Only one member of Congress had a son who saw combat in Vietnam. No member has a child in Iraq. Lyndon Johnson was in World War II but managed to stay well away from combat. Bush avoided Vietnam, as did Paul Wolfowitz, as did Dick Cheney who secured three deferments for himself. The upper class enclaves of Chevy Chase, La Jolla, Greenwich or Grosse Point weren’t the manpower bases for Vietnam, nor are they for Iraq.
Vietnam had no front lines. The enemy could be a village farmer by day, a Viertcong AK fighter by night. Iraq has no front lines. Anyone could be a suicide bomber, including, as of late, donkeys. Where is the enemy? Bush claims to know: “Iraq is a front. Turkey is a front. Anywhere the terrorists think they can strike is a front.” In Vietnam, civilians were killed because they might have been the enemy. It is happening in Iraq.
Lyndon Johnson vowed to stay the course in Vietnam. On Jan. 12, 1967, he told Congress: “I wish I could report to you that the conflict is almost over. This I cannot do. We face more costs, more loss and more agony… Our adversary still believes that he can go on fighting longer than we can.” From Donald Rumsfeld on July 14: “Are more people going to be killed? You bet.” That was 12 days after Bush said “bring ‘em on. We got the force necessary.” Bush on Nov. 16: “We’re not leavin’ til the job is done.” Blustery talk never shapes events, no more than superior military firepower assures staying power. If it did, Vietnam wouldn’t be a communist nation today, and democracy in Iraq wouldn’t be a fuzzy dream.

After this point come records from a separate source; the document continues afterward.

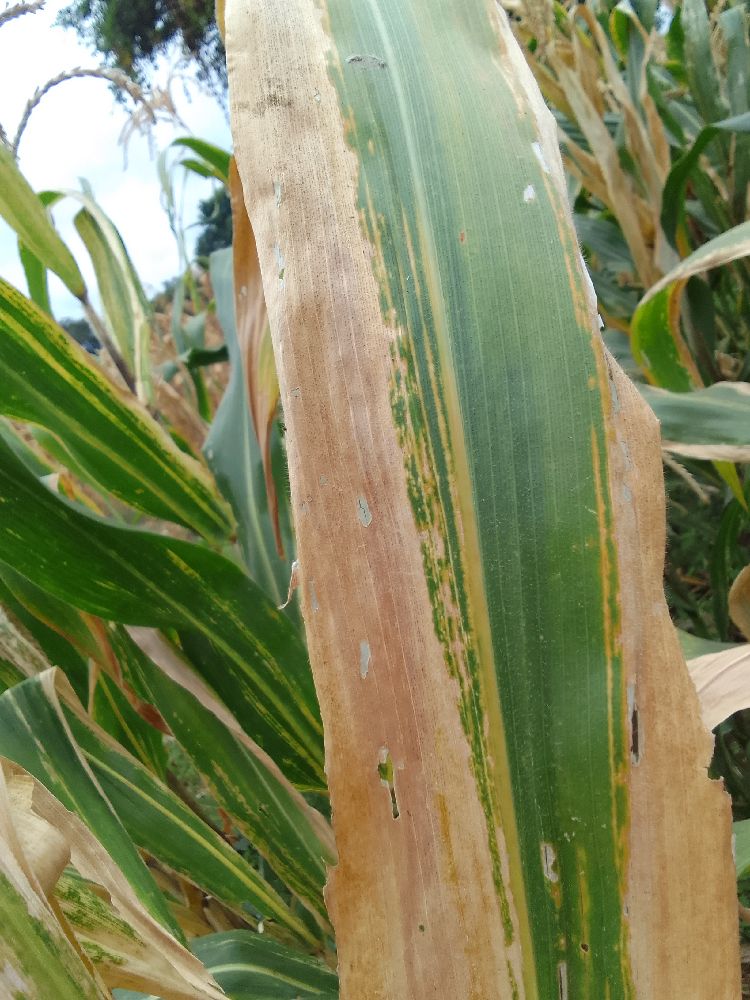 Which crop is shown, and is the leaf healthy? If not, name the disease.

maize, maize lethal necrosis
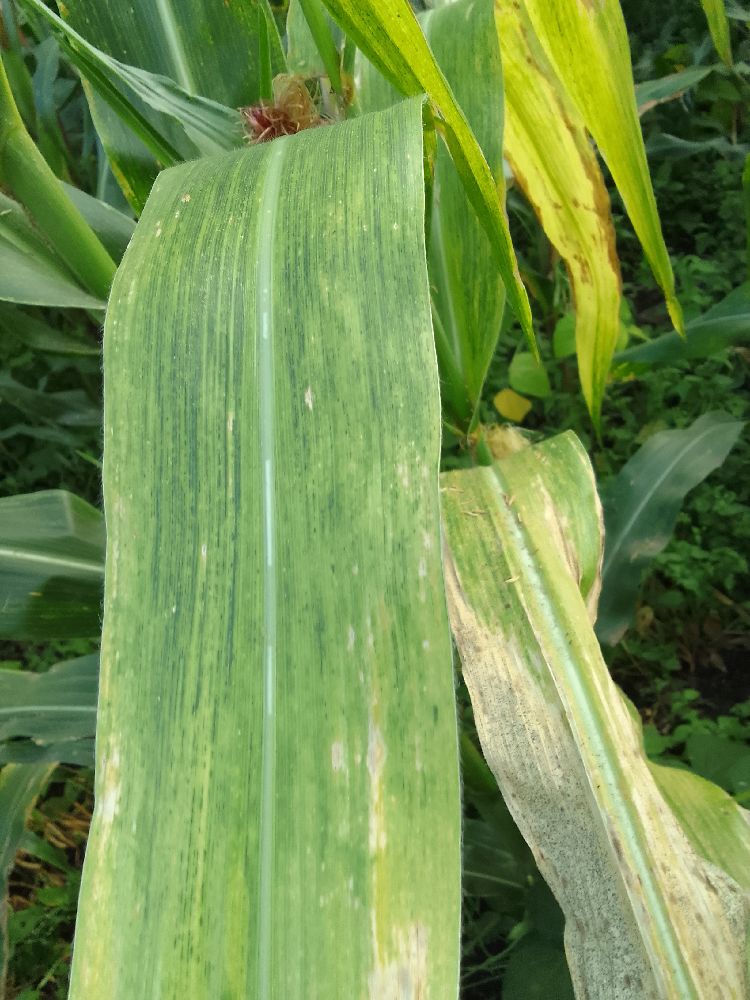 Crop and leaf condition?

maize, maize lethal necrosis
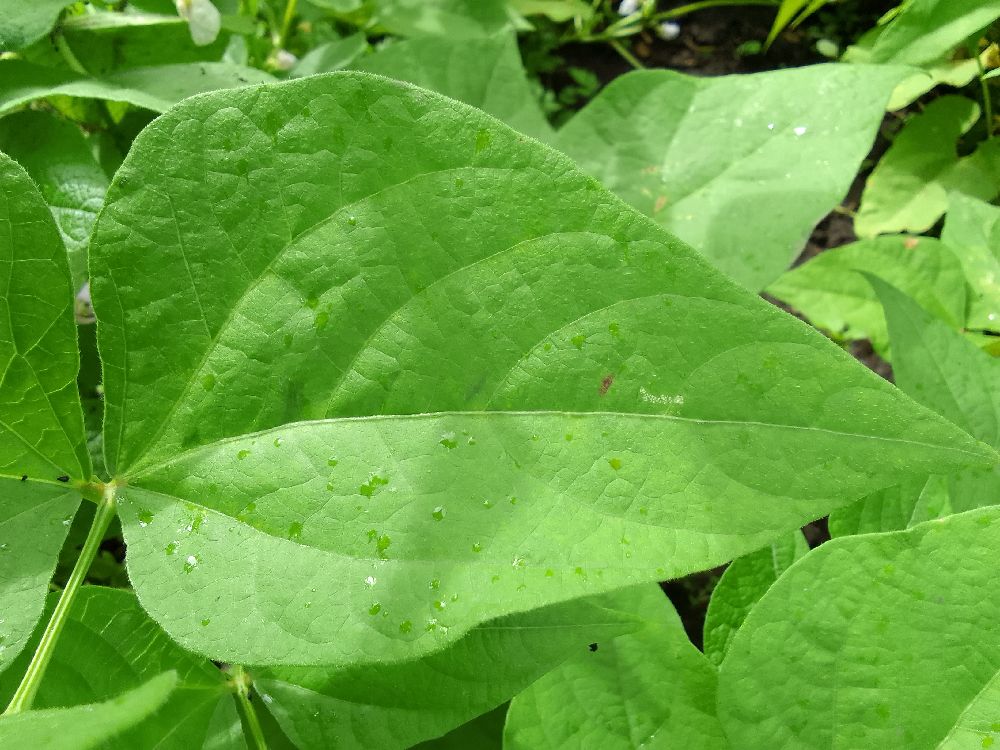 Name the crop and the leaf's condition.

common bean, healthy

During Vietnam, Robert McNamara had deep doubts in private about the war he was championing publicly. How many people on both sides died because of this duplicity? It can only be guessed. It can only be guessed, too, what the current McNamaras—Cheny, Wolfowitz, Rice, Powell—are thinking, now that the messy reality of war intrudes on the neatness of think tank position papers that called for Operation Iraqi Freedom. Stick around for the inevitable memoirs.